Source records —
====================

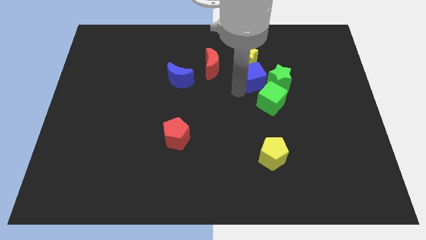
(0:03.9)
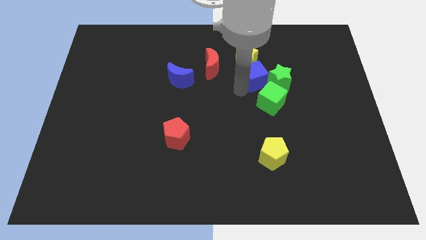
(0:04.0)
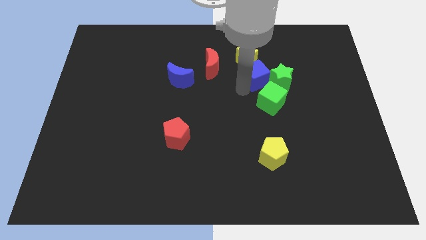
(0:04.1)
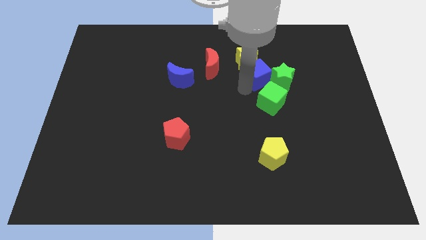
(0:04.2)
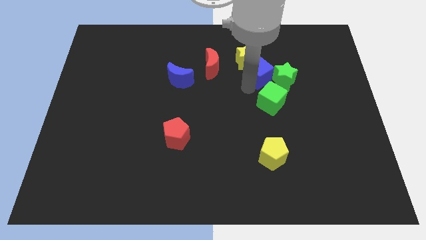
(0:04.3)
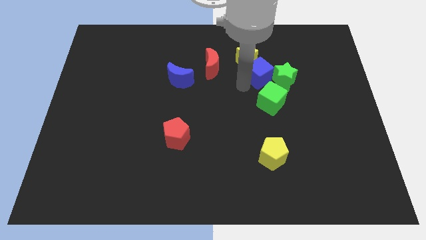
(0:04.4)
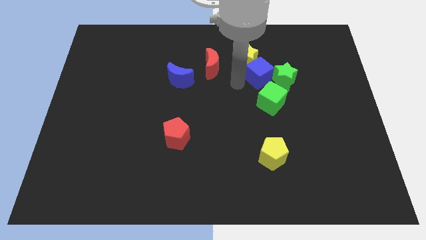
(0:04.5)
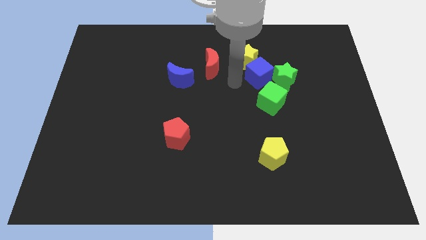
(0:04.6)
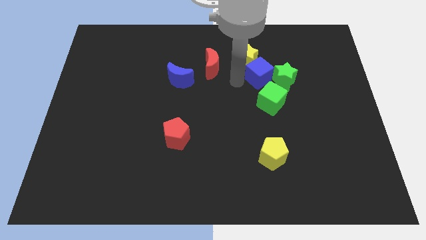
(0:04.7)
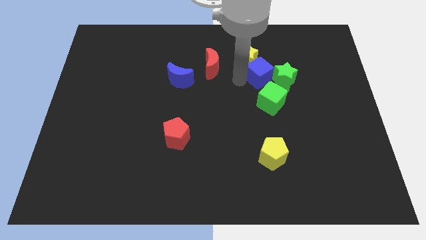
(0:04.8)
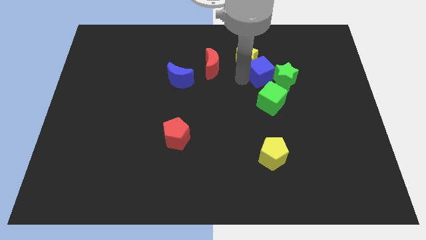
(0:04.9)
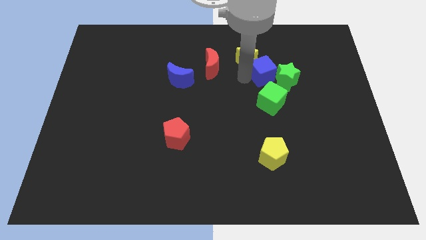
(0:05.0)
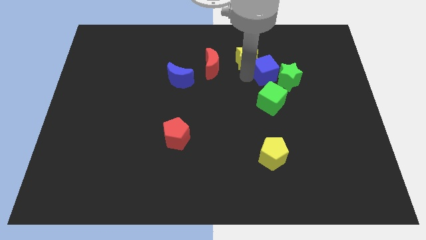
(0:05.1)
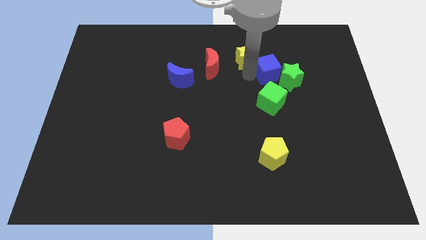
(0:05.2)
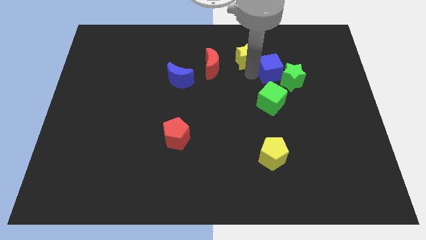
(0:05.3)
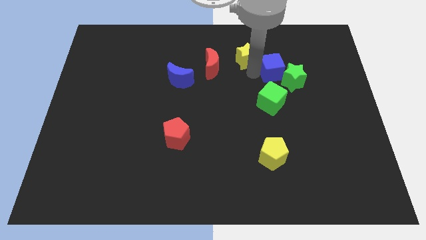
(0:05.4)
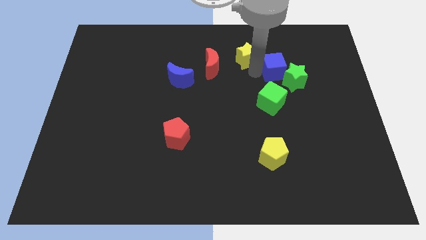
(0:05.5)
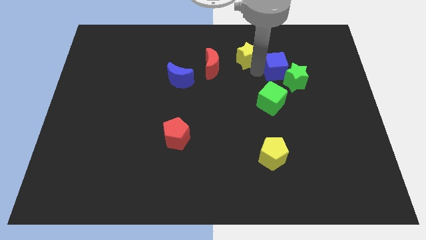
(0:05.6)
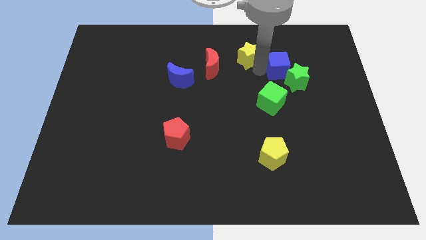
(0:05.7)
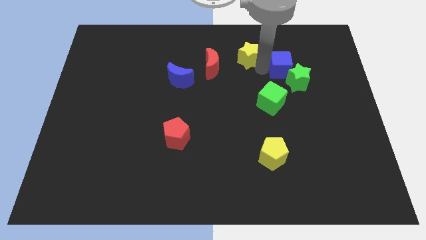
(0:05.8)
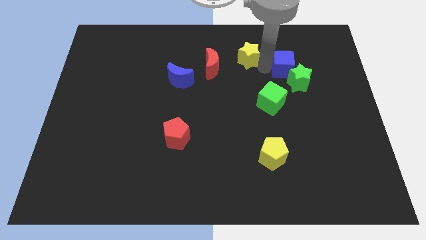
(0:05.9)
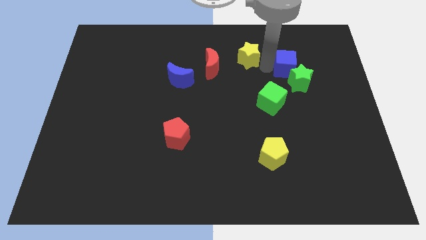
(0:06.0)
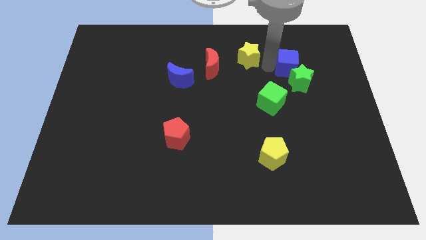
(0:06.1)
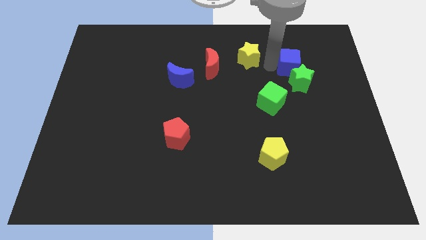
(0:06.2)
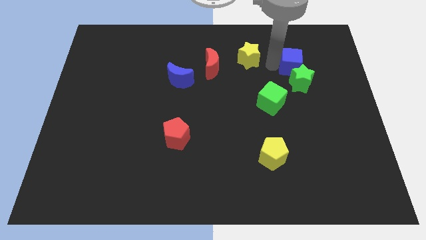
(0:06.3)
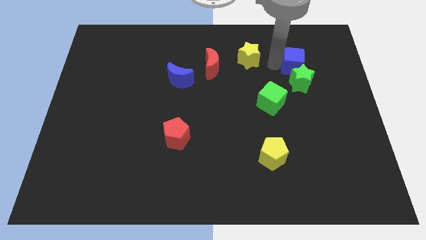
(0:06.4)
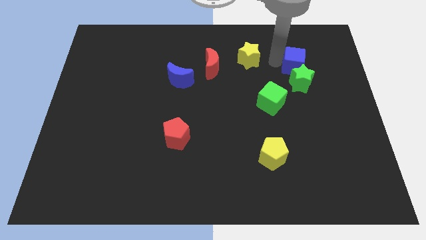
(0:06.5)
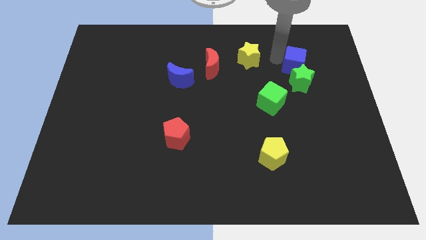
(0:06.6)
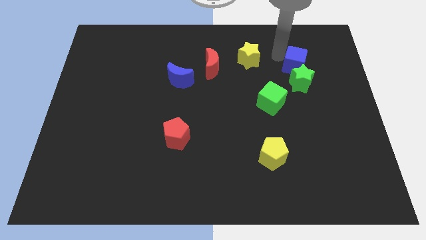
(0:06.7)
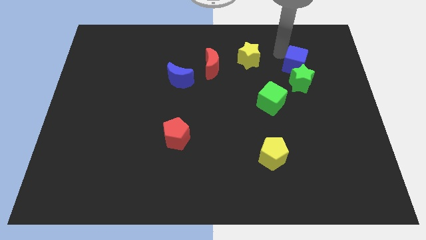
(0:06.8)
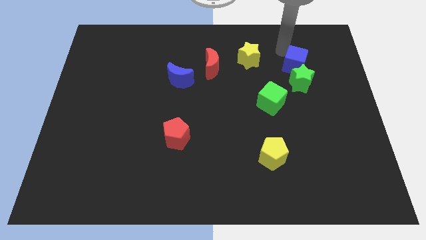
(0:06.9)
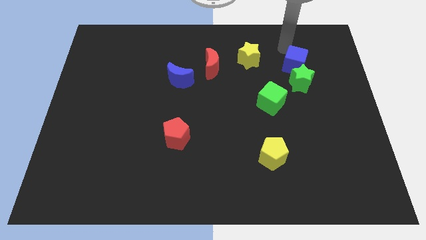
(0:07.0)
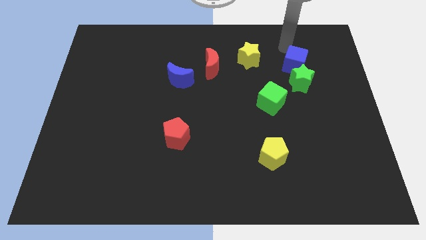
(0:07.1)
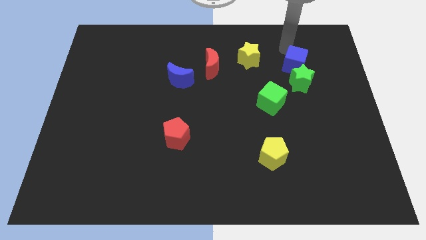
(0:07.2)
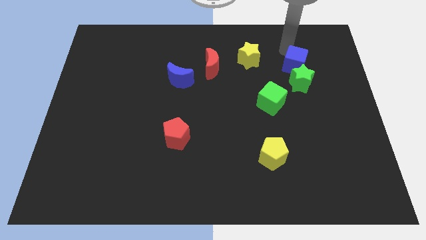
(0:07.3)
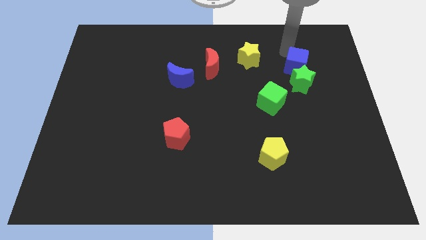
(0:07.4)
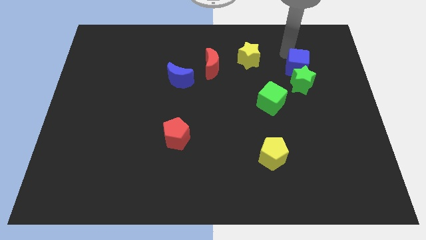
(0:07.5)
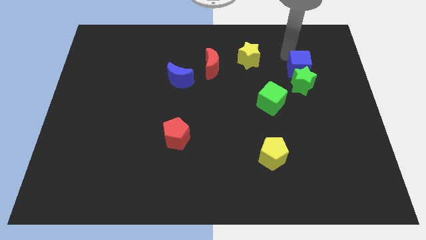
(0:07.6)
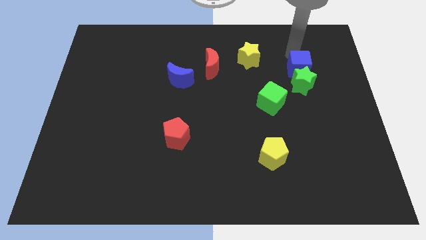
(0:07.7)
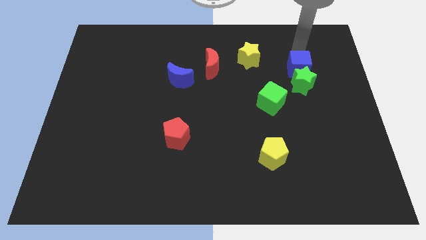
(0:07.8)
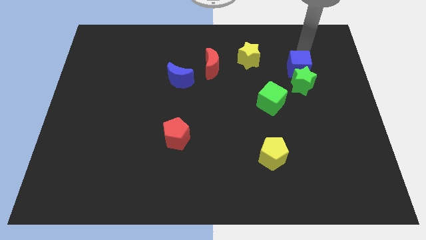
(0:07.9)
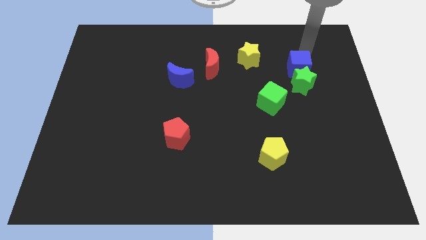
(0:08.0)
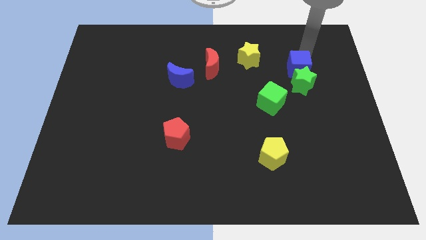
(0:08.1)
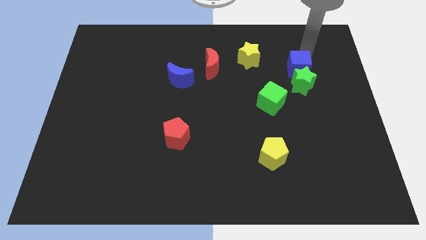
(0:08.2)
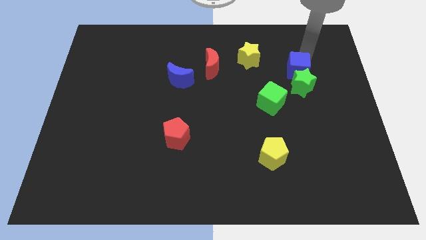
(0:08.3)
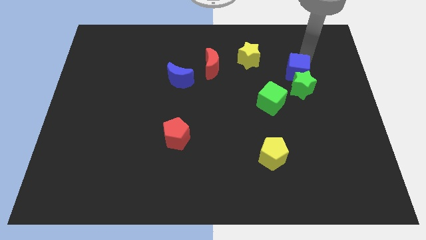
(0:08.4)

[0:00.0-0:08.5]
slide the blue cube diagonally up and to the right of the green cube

====================

Assignment —
Word for word, restate all of the data, but do not copy the pictures.

Output for this task —
(0:03.9)
(0:04.0)
(0:04.1)
(0:04.2)
(0:04.3)
(0:04.4)
(0:04.5)
(0:04.6)
(0:04.7)
(0:04.8)
(0:04.9)
(0:05.0)
(0:05.1)
(0:05.2)
(0:05.3)
(0:05.4)
(0:05.5)
(0:05.6)
(0:05.7)
(0:05.8)
(0:05.9)
(0:06.0)
(0:06.1)
(0:06.2)
(0:06.3)
(0:06.4)
(0:06.5)
(0:06.6)
(0:06.7)
(0:06.8)
(0:06.9)
(0:07.0)
(0:07.1)
(0:07.2)
(0:07.3)
(0:07.4)
(0:07.5)
(0:07.6)
(0:07.7)
(0:07.8)
(0:07.9)
(0:08.0)
(0:08.1)
(0:08.2)
(0:08.3)
(0:08.4)

[0:00.0-0:08.5]
slide the blue cube diagonally up and to the right of the green cube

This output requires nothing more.